The universal novacom installer and Gapps files can be found by doing a Google
search on the names above and you will find the download page. I found
the novacom installer here:

http://universal-novacom-installer.googlecode.com/files/UniversalNovacomInstaller.jar

You should download the latest Gapps.zip which
the last time I checked at the link below was 20120317:

http://wiki.rootzwiki.com/Google_Apps

First thing, open the run box on your PC and browse to the novacomInstaller
file. This is a Java executable, so treat it just like any .exe file.
However, since it does not end in .exe, when you browse to find it,
you will have to tell the browser to show "All Files." Once it is in
the run box, click on OK and the Novacomd drivers will be installed,
the Palm,inc folder will be created and the novacom.exe will be placed
in that folder. Next if the ACME files you downloaded are zips, unzip
them both into the Palm, Inc folder which you will find in the Program
files folder. If not zipped, copy both into the Palm, Inc folder. Now
your PC is prepared for installing CM9, so everything applies to first
installers and upgraders from this point forward.

First timers boot into WebOS, upgraders can do the same or boot into
your current install of Android. Connect your TouchPad to your PC
with the usb cable and open Windows Explorer on your PC. You should
see either the TouchPad as a drive, or cm_tenderloin if you are already
running a version of CM9. If you have not already created a cminstall
folder on your TouchPad do so now. Also create a folder named ICS
Install.

Next you need to copy Moboot 0.3.5 and ClockworkMod(CWM) into the
cminstall folder on your TouchPad. Now copy the rom.zip and the
Gapps.zip file into the folder you created named ICS Install. It's up
to you which rom and Gapps file you use if you are installing something
different from what is listed above. If you are copying files to the
Touchpad drive, you now need to right click the drive letter and eject
the drive when you are done. If you are copying files to cm_tenderloin,
you can just close Windows Explorer and both of you disconnect the usb cable.
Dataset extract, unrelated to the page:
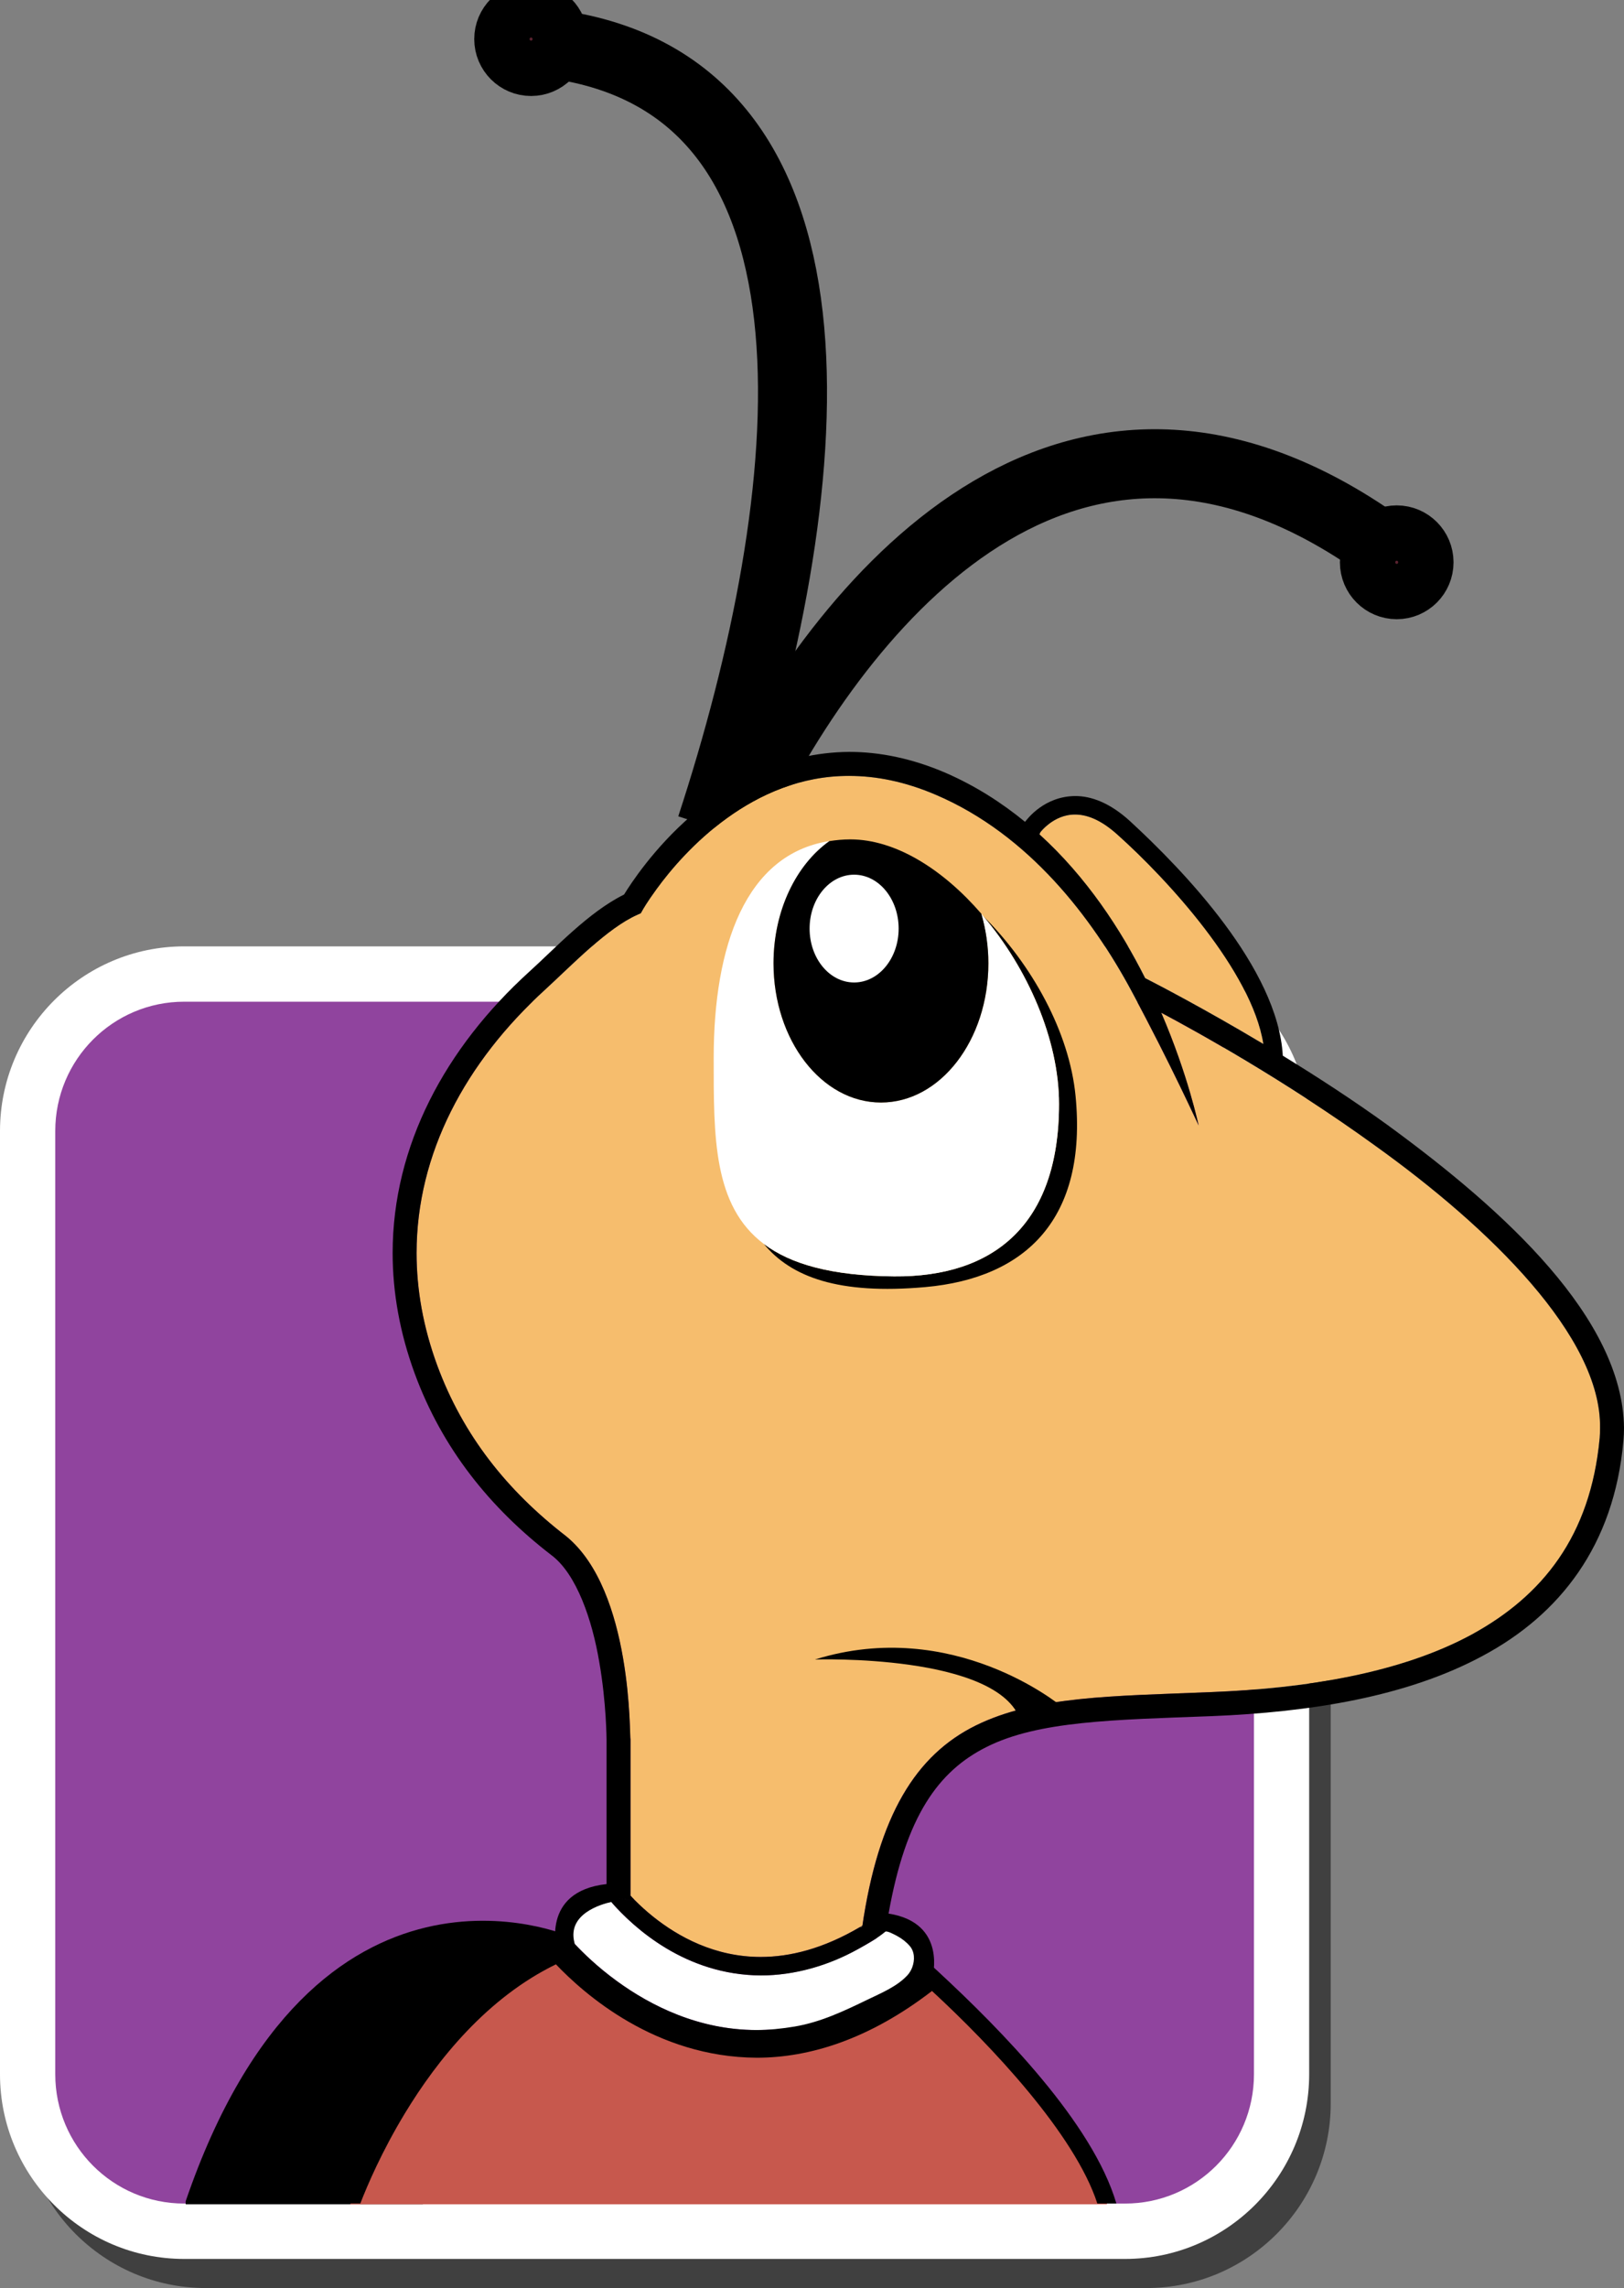 <svg xmlns="http://www.w3.org/2000/svg" width="71" height="100" viewBox="0 0 71 100" fill="none"><rect x="0" y="0" width="71" height="100" fill="#808080" stroke="none"/><g clip-path="url(#clip0_831_10238)"><path d="M32.486 35.133C37.275 25.622 47.188 14.174 60.69 24.079" stroke="black" stroke-width="3.017"></path><path d="M31.087 36.147C35.819 21.707 37.73 4.034 24.511 1.972" stroke="black" stroke-width="3.017"></path><path opacity="0.5" d="M52.821 49.753V43.4H53.53C52.495 42.913 51.344 42.633 50.127 42.633H8.993C4.555 42.633 0.942 46.254 0.942 50.703V91.927C0.942 96.378 4.555 99.998 8.993 99.998H50.127C54.566 99.998 58.178 96.377 58.178 91.927V50.703C58.178 50.38 58.154 50.065 58.117 49.753L52.821 49.753Z" fill="black"></path><path d="M49.185 98.726H8.051C3.612 98.726 0 95.106 0 90.655V49.431C0 44.982 3.612 41.361 8.051 41.361H49.185C53.623 41.361 57.236 44.982 57.236 49.431V90.655C57.236 95.106 53.623 98.726 49.185 98.726Z" fill="white"></path><path d="M54.822 90.656C54.822 93.777 52.299 96.306 49.186 96.306H8.052C4.939 96.306 2.416 93.777 2.416 90.656V49.429C2.416 46.309 4.94 43.779 8.052 43.779H49.186C52.299 43.779 54.822 46.308 54.822 49.429V90.656Z" fill="#90449E"></path><path d="M60.126 50.076C56.176 47.215 52.239 45.044 50.767 44.262C51.953 47.013 52.391 49.173 52.404 49.19C52.396 49.188 51.208 46.555 49.476 43.336C47.746 40.112 44.987 36.483 40.924 34.742C39.545 34.15 38.282 33.912 37.127 33.912C32.904 33.897 29.919 37.183 28.702 38.86C28.296 39.414 28.098 39.763 28.098 39.765L28.013 39.914L27.858 39.984C26.553 40.563 25.034 42.151 23.838 43.248C20.342 46.428 18.211 50.424 18.211 54.764C18.211 56.356 18.497 58 19.116 59.681C20.244 62.734 22.171 65.15 24.742 67.135C27.679 69.52 27.514 75.976 27.563 76.026V82.848C27.631 82.919 27.69 82.987 27.767 83.064C27.987 83.284 28.244 83.52 28.541 83.758C29.654 84.652 31.257 85.529 33.258 85.529C34.531 85.527 35.977 85.175 37.596 84.222L37.691 84.234C38.405 79.321 40.047 76.704 42.659 75.412C45.287 74.118 48.669 74.13 52.919 73.955C57.14 73.79 61.249 73.116 64.342 71.436C67.433 69.747 69.532 67.14 69.933 62.865C69.946 62.712 69.95 62.558 69.95 62.405C70.008 58.424 65.128 53.663 60.124 50.077" fill="#F6BD6D"></path><path d="M18.486 96.338L24.902 84.628C24.902 84.628 13.755 79.727 8.118 96.204V96.339L18.486 96.338Z" fill="black"></path><path d="M42.76 39.8C42.926 40.211 43.047 40.653 43.143 41.107C43.091 40.709 43.015 40.322 42.908 39.954C42.858 39.904 42.811 39.849 42.76 39.8Z" fill="black"></path><path d="M47.023 47.902C46.751 45.099 45.113 42.156 42.987 40.038C44.925 42.324 46.3 45.427 46.3 48.25C46.3 53.525 43.442 55.82 39.087 55.783C36.345 55.762 34.557 55.244 33.391 54.362C34.592 55.818 36.666 56.588 40.45 56.252C44.869 55.858 47.541 53.251 47.023 47.902" fill="black"></path><path d="M35.716 37.242C35.703 37.245 35.692 37.251 35.683 37.254C35.587 37.349 35.495 37.453 35.404 37.558C35.507 37.45 35.608 37.339 35.718 37.243" fill="black"></path><path d="M42.898 39.929C42.9 39.938 42.901 39.944 42.902 39.953C42.931 39.979 42.957 40.01 42.984 40.037C42.956 40 42.927 39.962 42.897 39.927" fill="white"></path><path d="M42.987 40.039C42.958 40.008 42.933 39.982 42.905 39.955C43.012 40.324 43.088 40.71 43.14 41.108C43.182 41.431 43.212 41.76 43.212 42.098C43.212 45.46 41.109 48.184 38.515 48.184C35.921 48.184 33.818 45.459 33.818 42.098C33.818 40.289 34.433 38.673 35.4 37.558C35.491 37.454 35.582 37.35 35.679 37.255C35.863 37.073 36.055 36.904 36.26 36.759C32.594 37.327 31.202 41.349 31.202 46.234C31.202 49.69 31.173 52.688 33.39 54.363C34.556 55.245 36.345 55.761 39.087 55.785C43.442 55.822 46.3 53.526 46.3 48.252C46.3 45.429 44.925 42.325 42.987 40.04" fill="white"></path><path d="M33.817 42.099C33.817 45.461 35.92 48.186 38.515 48.186C41.109 48.186 43.212 45.461 43.212 42.099C43.212 41.334 43.098 40.605 42.899 39.93C41.231 38.003 39.162 36.685 37.174 36.685C36.853 36.685 36.551 36.716 36.259 36.761C34.804 37.795 33.817 39.797 33.817 42.1" fill="black"></path><path d="M39.288 40.584C39.288 41.884 38.416 42.939 37.341 42.939C36.266 42.939 35.395 41.884 35.395 40.584C35.395 39.283 36.266 38.228 37.341 38.228C38.416 38.228 39.288 39.283 39.288 40.584Z" fill="white"></path><path d="M26.173 82.441L26.174 82.44C26.173 82.439 26.173 82.439 26.173 82.439V82.441Z" fill="#231E1F"></path><path d="M38.567 84.561C38.6 84.54 38.635 84.519 38.67 84.496L38.224 83.828C38.012 83.97 37.803 84.099 37.597 84.221L38.246 84.297C38.246 84.297 38.365 84.393 38.567 84.561Z" fill="#231E1F"></path><path d="M26.84 82.953L27.768 83.063L27.564 83.04L26.84 82.953Z" fill="#F6BD6D"></path><path d="M50.069 42.75C50.566 43.005 52.64 44.077 55.234 45.627C54.726 42.437 51.042 38.435 48.854 36.478C48.089 35.789 47.479 35.602 47.002 35.6C46.526 35.599 46.141 35.798 45.866 36.007C45.663 36.161 45.539 36.306 45.487 36.373L45.444 36.465C47.506 38.336 49.002 40.628 50.069 42.75" fill="#F6BD6D"></path><path d="M46.367 74.545C46.367 74.545 41.67 70.645 35.631 72.528C35.631 72.528 43.684 72.259 44.623 75.217L46.367 74.545Z" fill="black"></path><path d="M24.493 1.708C24.493 2.414 23.922 2.986 23.218 2.986C22.515 2.986 21.943 2.414 21.943 1.708C21.943 1.003 22.514 0.43 23.218 0.43C23.922 0.43 24.493 1.003 24.493 1.708Z" fill="#9C61A4"></path><path d="M24.493 1.708C24.493 2.414 23.922 2.986 23.218 2.986C22.515 2.986 21.943 2.414 21.943 1.708C21.943 1.003 22.514 0.43 23.218 0.43C23.922 0.43 24.493 1.003 24.493 1.708Z" fill="#5A222F" stroke="black" stroke-width="2.419"></path><path d="M62.338 24.575C62.338 25.281 61.767 25.853 61.064 25.853C60.36 25.853 59.789 25.281 59.789 24.575C59.789 23.87 60.36 23.297 61.064 23.297C61.767 23.297 62.338 23.87 62.338 24.575Z" fill="#5F122B"></path><path d="M62.338 24.575C62.338 25.281 61.767 25.853 61.064 25.853C60.36 25.853 59.789 25.281 59.789 24.575C59.789 23.87 60.36 23.297 61.064 23.297C61.767 23.297 62.338 23.87 62.338 24.575Z" fill="#5A222F" stroke="black" stroke-width="2.419"></path><path d="M40.329 85.32C40.329 84.658 39.844 84.122 39.247 84.122C38.848 84.122 38.504 84.363 38.316 84.718C36.476 85.873 34.774 86.335 33.269 86.335H33.261C30.009 86.32 27.776 84.311 26.774 83.184L26.816 82.785L26.161 83.037L25.306 83.491L25.029 83.668L24.878 84.424L25.1 84.874L25.075 84.904C25.454 85.314 26.095 85.947 26.978 86.589C28.455 87.663 30.557 88.725 33.083 88.723C34.952 88.721 37.068 88.305 39.387 86.683C39.916 86.603 40.331 85.927 40.331 85.32" fill="white"></path><path d="M69.936 62.864C69.534 67.139 67.435 69.746 64.345 71.436C61.251 73.115 57.141 73.789 52.921 73.954C48.672 74.129 45.289 74.117 42.662 75.411C40.049 76.704 38.408 79.32 37.693 84.233L37.599 84.221C35.98 85.174 34.533 85.526 33.261 85.528C31.259 85.528 29.656 84.65 28.543 83.757C28.246 83.519 27.99 83.282 27.769 83.063L26.841 82.953L27.565 83.038L27.769 83.062C27.692 82.985 27.633 82.917 27.565 82.846V76.025C27.517 75.975 27.681 69.519 24.744 67.134C22.174 65.149 20.246 62.733 19.118 59.679C18.5 57.999 18.213 56.355 18.213 54.763C18.213 50.423 20.344 46.427 23.841 43.248C25.037 42.151 26.555 40.562 27.861 39.983L28.016 39.913L28.1 39.765C28.1 39.763 28.298 39.413 28.704 38.859C29.922 37.182 32.906 33.895 37.129 33.911C38.285 33.911 39.548 34.149 40.926 34.741C44.988 36.482 47.748 40.111 49.478 43.335C51.21 46.554 52.397 49.188 52.406 49.189C52.394 49.174 51.955 47.012 50.769 44.261C52.241 45.043 56.179 47.214 60.128 50.075C65.132 53.661 70.013 58.422 69.954 62.404C69.954 62.557 69.95 62.711 69.938 62.864M39.884 85.977C39.834 86.109 39.762 86.229 39.675 86.325C39.217 86.823 38.515 87.11 37.917 87.399C36.886 87.898 35.879 88.377 34.74 88.57C34.197 88.661 33.633 88.721 33.081 88.722C30.555 88.724 28.453 87.662 26.976 86.588C26.129 85.972 25.511 85.369 25.127 84.96C25.122 84.939 25.119 84.922 25.114 84.903C24.788 83.639 26.304 83.218 26.722 83.126C27.699 84.242 29.955 86.32 33.269 86.336C34.737 86.336 36.221 85.909 37.498 85.194C37.903 84.968 38.347 84.723 38.705 84.425C38.776 84.366 39.162 84.579 39.225 84.614C39.428 84.725 39.619 84.87 39.771 85.046C39.992 85.299 39.999 85.67 39.883 85.977M45.484 36.37C45.537 36.304 45.661 36.159 45.863 36.005C46.139 35.795 46.524 35.596 47.001 35.598C47.477 35.599 48.087 35.787 48.852 36.476C51.04 38.432 54.724 42.434 55.231 45.624C52.638 44.074 50.565 43.003 50.067 42.748C49 40.626 47.504 38.334 45.442 36.463L45.484 36.37ZM60.742 49.225C59.19 48.101 57.576 47.054 56.083 46.139C55.869 42.324 51.741 38.038 49.391 35.877C48.526 35.09 47.708 34.787 47.001 34.791C45.653 34.805 44.917 35.786 44.815 35.919C43.788 35.078 42.636 34.34 41.339 33.776C39.842 33.133 38.431 32.861 37.128 32.861C31.3 32.902 27.876 38.136 27.283 39.096C25.728 39.865 24.265 41.453 23.136 42.471C19.479 45.794 17.166 50.065 17.166 54.763C17.166 56.482 17.477 58.252 18.136 60.043C19.335 63.299 21.408 65.888 24.104 67.965C25.212 68.792 25.892 70.814 26.199 72.635C26.516 74.451 26.515 76.021 26.518 76.025V82.343C23.606 82.665 24.353 85.281 24.353 85.281L24.402 85.36C24.401 85.361 24.398 85.361 24.398 85.362C25.418 86.485 28.57 89.514 33.081 89.529H33.089C35.27 89.529 37.747 88.764 40.374 86.778C40.55 86.682 40.712 86.532 40.712 86.532L40.717 86.523C40.733 86.512 40.75 86.503 40.766 86.486C40.761 86.483 40.753 86.474 40.749 86.471L40.758 86.456C40.758 86.456 41.443 84.039 38.848 83.633C39.603 79.378 41.023 77.408 43.125 76.354C45.396 75.209 48.69 75.165 52.961 75.004C57.262 74.831 61.509 74.162 64.84 72.359C68.175 70.57 70.572 67.559 70.975 62.96C70.992 62.773 71 62.589 71 62.406C70.944 57.618 65.782 52.912 60.742 49.227" fill="black"></path><path d="M48.401 96.339C47.392 93.006 43.437 88.941 40.769 86.489C37.995 88.704 35.381 89.532 33.09 89.532H33.081C28.571 89.517 25.419 86.487 24.399 85.365C18.776 87.926 15.953 94.63 15.31 96.339L48.401 96.339Z" fill="#C7584D"></path><path d="M15.753 96.303C16.052 95.529 16.687 94.037 17.701 92.364C19.135 89.994 21.318 87.302 24.305 85.851C25.53 87.136 28.649 89.909 33.08 89.932H33.088C35.4 89.933 38.013 89.12 40.746 87.015C43.349 89.42 46.987 93.269 47.975 96.304H48.807C47.771 92.774 43.742 88.692 41.039 86.188L40.786 85.955L40.516 86.17C37.799 88.338 35.282 89.124 33.089 89.126H33.08C28.762 89.117 25.681 86.182 24.696 85.091L24.497 84.873L24.231 84.993C18.291 87.724 15.467 94.752 14.895 96.303L15.753 96.303Z" fill="black"></path></g><defs><clipPath id="clip0_831_10238"><rect width="71" height="100" fill="white"></rect></clipPath></defs></svg>

Upgraders, now you need to run ACMEUninstaller and when it is done, your
TouchPad will reboot back into WebOS. Unplug the usb cable.
Now both of you need to reboot while holding down up volume to put the TouchPad
into WebOS recovery or bootie mode. You will know you succeeded if you see a
large white usb symbol.

Now plug the usb cable back in and you should hear the PC beep indicating
the TouchPad is connected. You will not be able to see the TouchPad in
Windows Explorer, so don't try. On your PC click "RUN" and type in CMD.
This opens the command window. First timers type in the following in the
command window:

cd/ and press enter. You will see C:\
Now type cd program files and press enter. You will see C:\program files
Now type cd Palm, Inc and press enter. You will see C:\ program files\Palm, Inc

Upgraders, your novacom.exe may be in a different folder, so go browse to that folder.
This is where your ACME files should be.

Both of you enter novacom boot mem:// < ACMEInstaller2 in the command window and
hit enter. After a few seconds, you should see what is fondly called the "Double Penguin" on
the Touchpad. When the install is done, the TouchPad will boot to Moboot. Tap
the volume on the TouchPad to stop the 5 second countdown if you see one. Now
select CWM using the Home button, then Install zip file from SD card and use the
volume rocker to move down to the ICS Install folder. Select that and move to the
Alpha2.zip and select that. Start the install. When it is done, use the go back
selection to go back to the main CWM screen and select reboot.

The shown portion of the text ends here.